Para comenzar, coloque el ratón eutanasiado en decúbito supino sobre la tabla de disección. Usando pines en T de disección, asegure las almohadillas de los pies del mouse al tablero. Con unas tijeras de disección quirúrgica, haga una incisión en la parte inferior del abdomen y corte hasta la barbilla.
Después de separar la piel del revestimiento peritoneal, estírela perpendicularmente lejos del tronco y sujétela con alfileres. Empleando pinzas romas, extraiga cuidadosamente los ganglios linfáticos cervicales, axiales, braquiales e inguinales, así como el bazo y colóquelos en un filtro celular de 70 micrómetros que contenga dos mililitros de medio R9. Para preparar una suspensión de una sola celda, gire la herramienta de disrupción de tejido media vuelta en el sentido de las agujas del reloj y en el sentido contrario a las agujas del reloj repetidamente.
Lave el colador con cinco mililitros de medio. Luego, transfiera la suspensión celular a un tubo cónico de 15 mililitros y centrifuérrelo. Después de decantar el sobrenadante, agregue 500 microlitros de tampón lisante al tubo para eliminar los glóbulos rojos.
Después de un minuto, mezcle las celdas con 9,5 mililitros de medio R9. Centrifuga el tubo. Y decantar bien el sobrenadante.
A continuación, vuelva a suspender el pellet celular en 10 mililitros de medio de selección negativa que contenga anticuerpos anti-MHC2 y anti-CD4, y coloque el tubo en un balancín durante 30 minutos.
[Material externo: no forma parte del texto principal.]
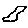
Label: bird
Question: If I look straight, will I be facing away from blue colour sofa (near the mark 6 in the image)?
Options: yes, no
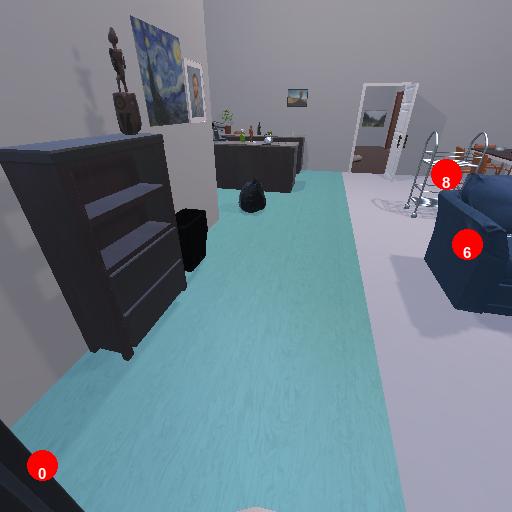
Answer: yes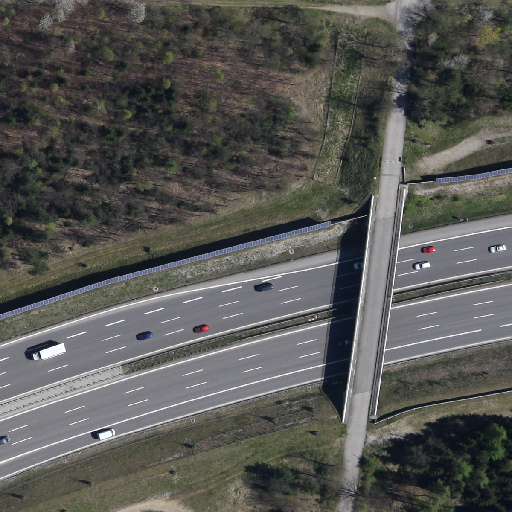
Referring expression: truck
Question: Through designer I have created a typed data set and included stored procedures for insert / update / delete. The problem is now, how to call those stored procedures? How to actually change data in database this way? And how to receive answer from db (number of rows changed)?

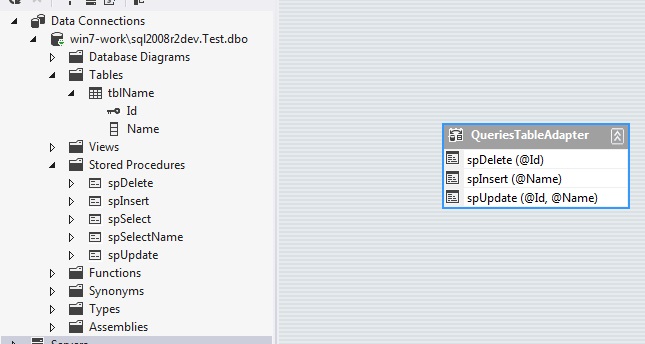
Answer: I found out that far easiest way is through designer - create table adapter and simply set it to call stored procedure. No extra typing needed, arguments are also added to procedure call.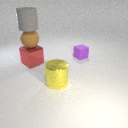
large yellow metal cylinder in front of small purple rubber cube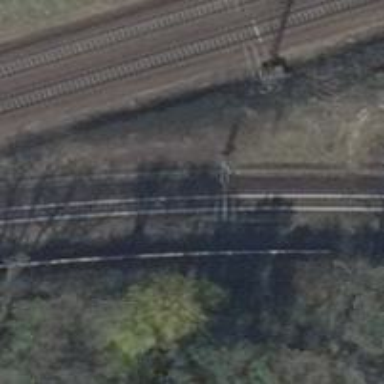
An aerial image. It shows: Railway milestone with catenary mast.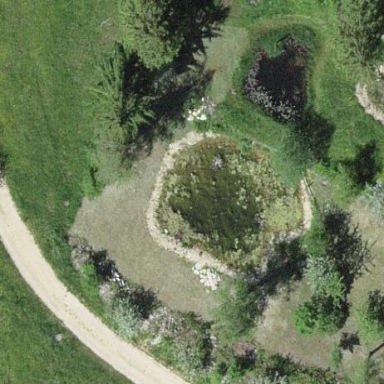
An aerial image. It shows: Pond with natural water.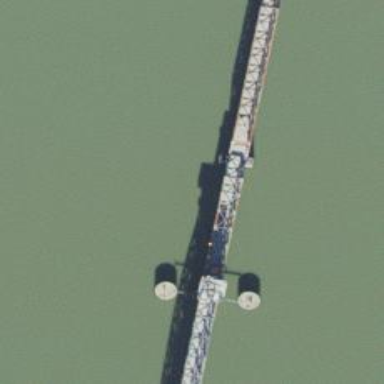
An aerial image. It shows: Pier supporting bridge.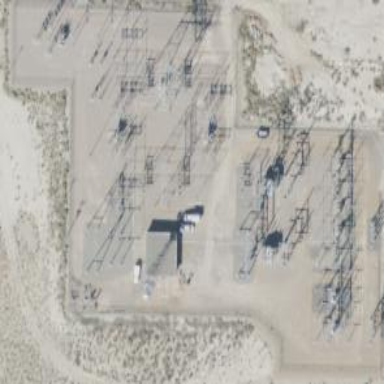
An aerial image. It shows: Power substation specializing in generation.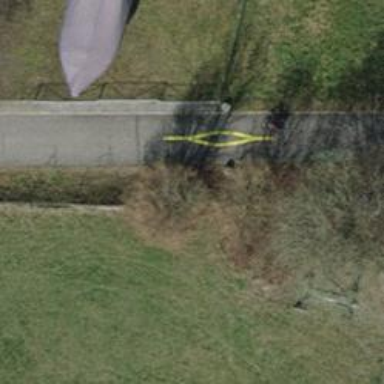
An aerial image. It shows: Bollard.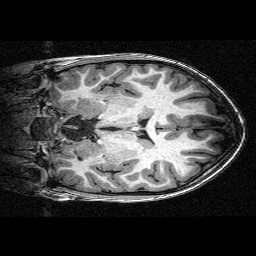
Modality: T1w
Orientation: coronal
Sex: male
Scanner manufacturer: siemens
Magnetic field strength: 3 T
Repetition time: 2.3 s
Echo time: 0.00336 s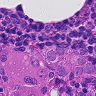
Metastatic tissue present: yes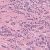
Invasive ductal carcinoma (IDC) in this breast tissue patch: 1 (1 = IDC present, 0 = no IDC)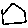
Label: hexagon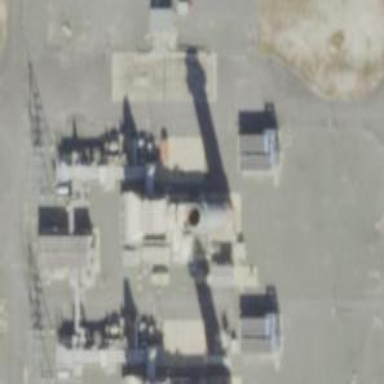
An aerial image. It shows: Gas turbine generator.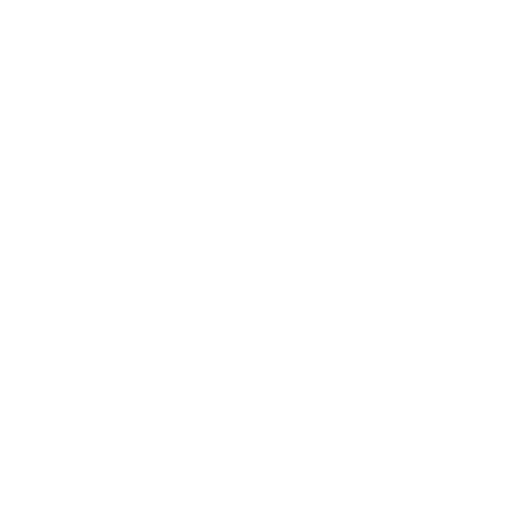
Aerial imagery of island in Alaska named Egg Islands containing only unknown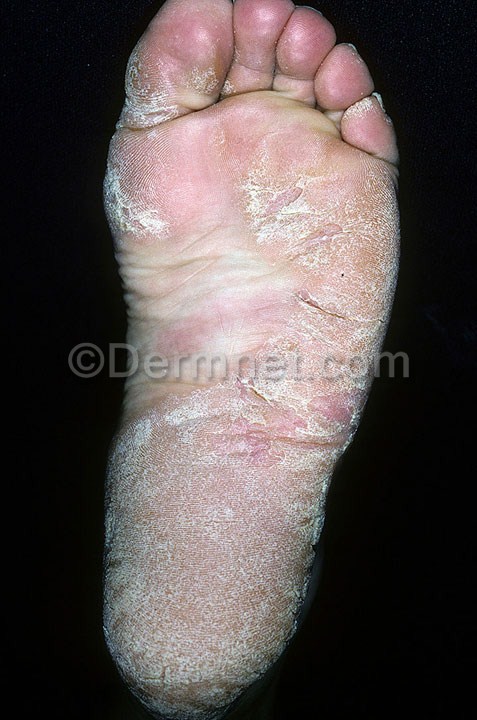
Disease: Eczema Photos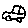
Label: car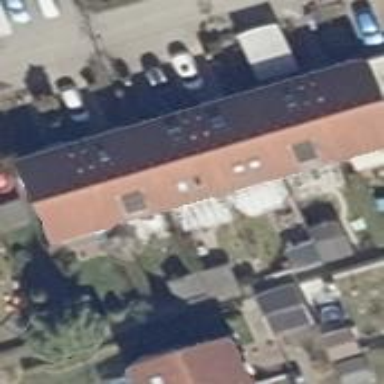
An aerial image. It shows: Terrace building.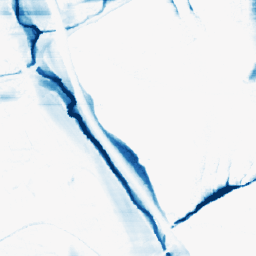
Category: morphological
Decomposition family: morphological_rect
Decomposition parameters: operation: closing
width: 50
height: 5
Upsampling method: area
Upsampling parameters: scale: 2
Upsampling scale: 2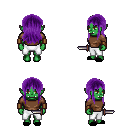
a pixel art fantasy rpg character, female body template, orc, green skin, brown long-sleeve shirt, white pants, purple unkempt hairstyle, leather bracers, black slippers, dagger, four views (front, back, left, right), 2x2 character sprite sheet, small pixel art, hard edges, no anti-aliasing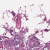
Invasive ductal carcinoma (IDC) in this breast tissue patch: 0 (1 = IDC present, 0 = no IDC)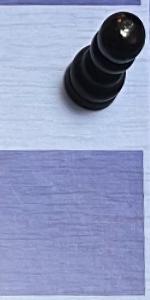
Label: Empty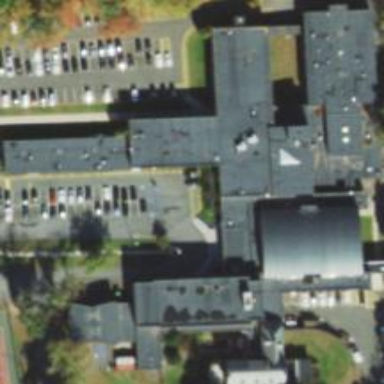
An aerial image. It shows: School building.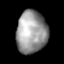
Tissue: lung
Cell type: Others
Senescence score: 0.2224
Nuclear area (px): 1271
Mean DAPI intensity: 153.331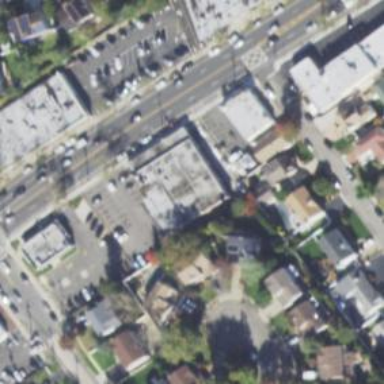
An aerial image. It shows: Commercial building that is post office.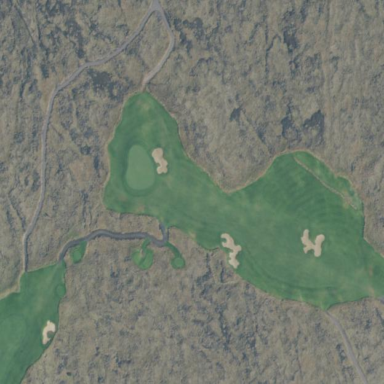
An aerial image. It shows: Scenic golf fairway.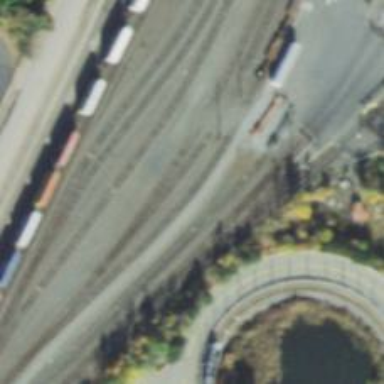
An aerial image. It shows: Railway yard.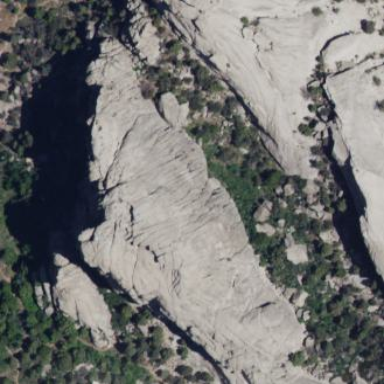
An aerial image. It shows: Landscape of bare rock.
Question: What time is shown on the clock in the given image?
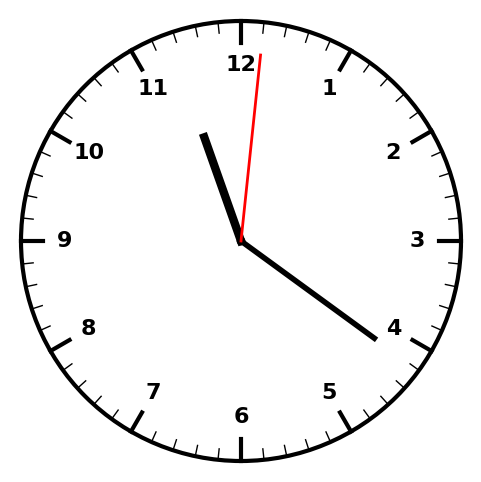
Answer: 11:21:01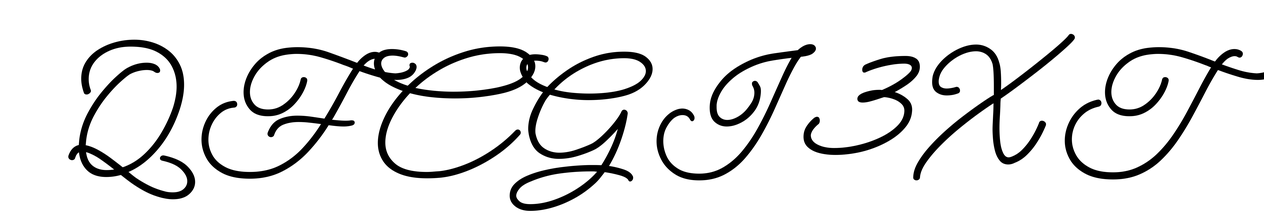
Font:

Después de peletizar las células a 270 g durante cinco minutos, decantar el sobrenadante. Simultáneamente en un tubo cónico de 15 mililitros, lavar 200 microlitros de perlas anti-ratas de oveja e inmunoglobulina G en siete mililitros por medio.
Coloque el tubo en un imán y retire el medio. Después de lavar dos veces más, vuelva a suspender las perlas en siete mililitros de R9 medio. Luego, mezcle siete mililitros de la suspensión de cuentas con el pellet de celda e incube el tubo en un balancín.
Para eliminar las células unidas a las perlas de anticuerpos, coloque el tubo cónico directamente sobre el imán durante tres minutos. Aspire la suspensión celular en un nuevo tubo de 15 mililitros, manteniendo el tubo en el imán. Granular las células CD8 positivas enriquecidas y lavar tres veces a fuego medio.